Order and exhaustiveness matter with Event Sourcing. Your system will end up in a different state if you apply a TimeFive and a PlusThree event in different orders, or skip one. Event Sourcing events also don’t typically contain the full state of the object they contain, but only the relevant data for the event’s application, kind of like a diff, so if you miss one the changes it was carrying might be lost. By contrast, we produce the full state of the object in each of our change events, so it doesn’t matter if you miss an intermediary event or if you consume them out of order, you can still easily reconstruct the final state of the record.

For all these reasons, we feel that a lower-level replication mechanism gives us a much simpler and less coupled system that fits well the majority of use-cases.

There are however cases when we do miss the semantics provided by event types. That’s typically when we want to trigger additional treatments, besides replication, in reaction to a specific event like a status change. For instance a service may react to a job ad becoming “published” by pushing it to outside sources.

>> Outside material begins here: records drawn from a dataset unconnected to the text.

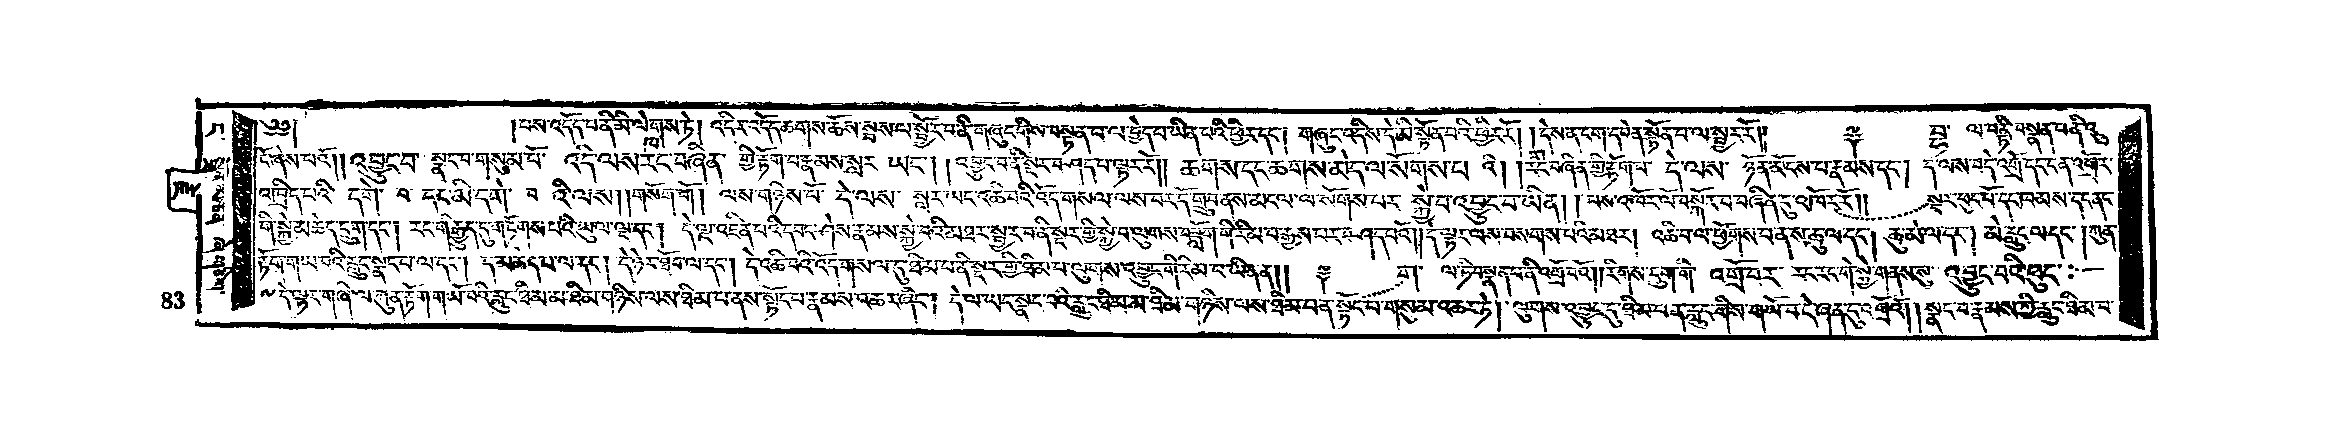༄༅། ། པས་འདོད་པ་ནི་མི་ལེགས་ཏེ། འདིར་འདོད་ཆགས་ཆོས་སྦས་ལ་སྦྱོར་བ་ནི་གཞུང་གིས་བསྟན་པ་ལ་བྱེད་པ་ཡིན་པའི་ཕྱིར་དང་། གཞུང་འདིས་དེ་མི་སྟོན་པའི་ཕྱིར་རོ། །དེས་ན་ངག་དབེན་སྟོན་པ་ལ་སྦྱར་རོ།།  ༈ བྷ་ལ་བནྟི་བསྣན་པ་ནི་འབྱུང་
ངོ་ཞེས་པའོ། །འབྱུང་བ་སྣང་བ་གསུམ་པོ་འདི་ལས་ཁ་རང་བཞིན་གྱི་རྟོག་པ་རྣམས་སླར་ཡང་། ། འབྱུང་བ་ནི་སྔར་བཤད་པ་ལྟར་རོ།  །ཆགས་དང་ཆགས་མེད་ལ་སོགས་པའི། །ག་རང་བཞིན་གྱི་རྟོག་པ་དེ་ལས་ཉོན་མོངས་པ་རྣམས་དང་། དེ་ལས་བདེ་འགྲོ་དང་ངན་འགྲོར་
འཁྲིད་པའི་དགེ་བ་དང་མི་དགེ་བའི་ལས། ། གསོག་གོ །ལས་གཉིས་པོ་དེ་ལས་སླར་ཡང་འཆི་བའི་འོད་གསལ་ལས་བར་དོ་གྲུབ་ནས་མངལ་ལ་སོགས་པར་སྐྱེ་བ་འབྱུང་བ་ཡིན། །པས་འཁོར་ལོ་བསྐོར་བ་བཞིན་དུ་འཁོར་རོ།། སྔར་ཕུང་པོ་དང་ཁམས་དང་ནང་
གི་སྐྱེ་མཆེད་དྲུག་དང་། རང་གི་རྒྱུད་དུ་གཏོགས་པའི་ཡུལ་ལྔ་དང་། དེ་ལྔ་འཛིན་པའི་དབང་ཤེས་རྣམས་སྐྱེ་བའི་མཐར་སྦྱར་བ་ནི་སྔར་གྱི་སྐྱེ་བ་ལུགས་བཟློག་གི་རིམ་པ་རྒྱས་པར་བཤད་པའོ། །དེ་ལྟར་ལས་བསགས་པའི་མཐར། འཆི་བ་ལ་ཕྱོགས་པ་ན་ས་ཆུ་ལ་དང་། ཆུ་མེ་ལ་དང་། མེ་རླུང་ལ་དང་། ཀུན་
རྟོག་གཡོ་བའི་རླུང་སྣང་བ་ལ་དང་། དེ་མཆེད་པ་ལ་དང་། དེ་ཉེར་ཐོབ་ལ་དང་། དེ་འཆི་བའི་འོད་གསལ་དུ་ཐིམ་པ་ནི་སྔར་གྱི་ཐིམ་པ་ལུགས་འབྱུང་གི་རིམ་པ་ཡིན་ནོ།། ༈ ག་ལ་ཏི་བསྣན་པ་ནི་འགྲོ་བའོ། །རིགས་དྲུག་གི་འགྲོ་བར་རང་རང་གི་སྐྱེ་གནས་སུ་འབྱུང་བའི་ཕུངཿ
༧དེ་ལྟར་གཞི་ལ་ཀུན་རྟོག་གཡོ་བའི་རླུང་ཐིམ་མ་ཐིམ་གཉིས་ལས་ཐིམ་པ་ནས་སྟོང་པ་རྣམས་འཆར་ཞིང་། དེ་ལ་ཡང་སྣང་བའི་རླུང་ཐིམ་མ་ཐིམ་གཉིས་ལས་ཐིམ་པ་ན་སྟོང་པ་གསུམ་འཆར་ཏེ། ལུགས་འབྱུང་དུ་ཐིམ་པ་ན་རླུང་གིས་གཡོ་བ་བཞིན་དུ་འགྲོའོ། །སྣང་བ་རྣམས་ཀྱི་རླུང་ཐིམ་པ་

We can address those needs by 2 different mechanisms:

Inferring the event from the state change, by comparing the new consumed state with the old existing state stored in the consumer’s data. For instance if we consume a job ad in the “published” state and see that we were already holding a “draft” version of that same job ad, we can treat that as a publication event. That adds unwelcome complexity and error risk to the consumers, so we tend to offload these “reactive” treatments to background jobs triggered by the consumers, so that they won’t cause errors or slow down the more critical replication mission of the consumer.
Ad-hoc semantic Domain Events, distinct from the replication messages, propagated via dedicated Kafka topics or by some other means like synchronous API calls. These are very similar to Event Sourcing events, except they’re not the Source of Truth and can be reserved to specific use-cases where they add value. Our use-cases for them include analytics tracking events, anonymization, CRM integration…

Summary

In summary, when we need to expose data across services, the Source of Truth service will produce a versioned Protobuf message containing the full new state of the object into a Kafka topic for each change of the object.

The message will include the following fields:

id to identify records within a stream, and find out which replication events apply to which object
seq, incremented at each update on a given object, to store the version of the object and ensure we don’t overwrite newer versions with older versions
delete_time to convey that an object has been deleted
all the fields of the object that we may want to expose, i.e. the latest full object state

Consumer services can subscribe to the topic to upsert the objects in their own local database, maintaining their own local copy of the data.

The consumer code is kept fast, simple and focused on replication, and any follow-up reactive processing is offloaded to background jobs or cron tasks.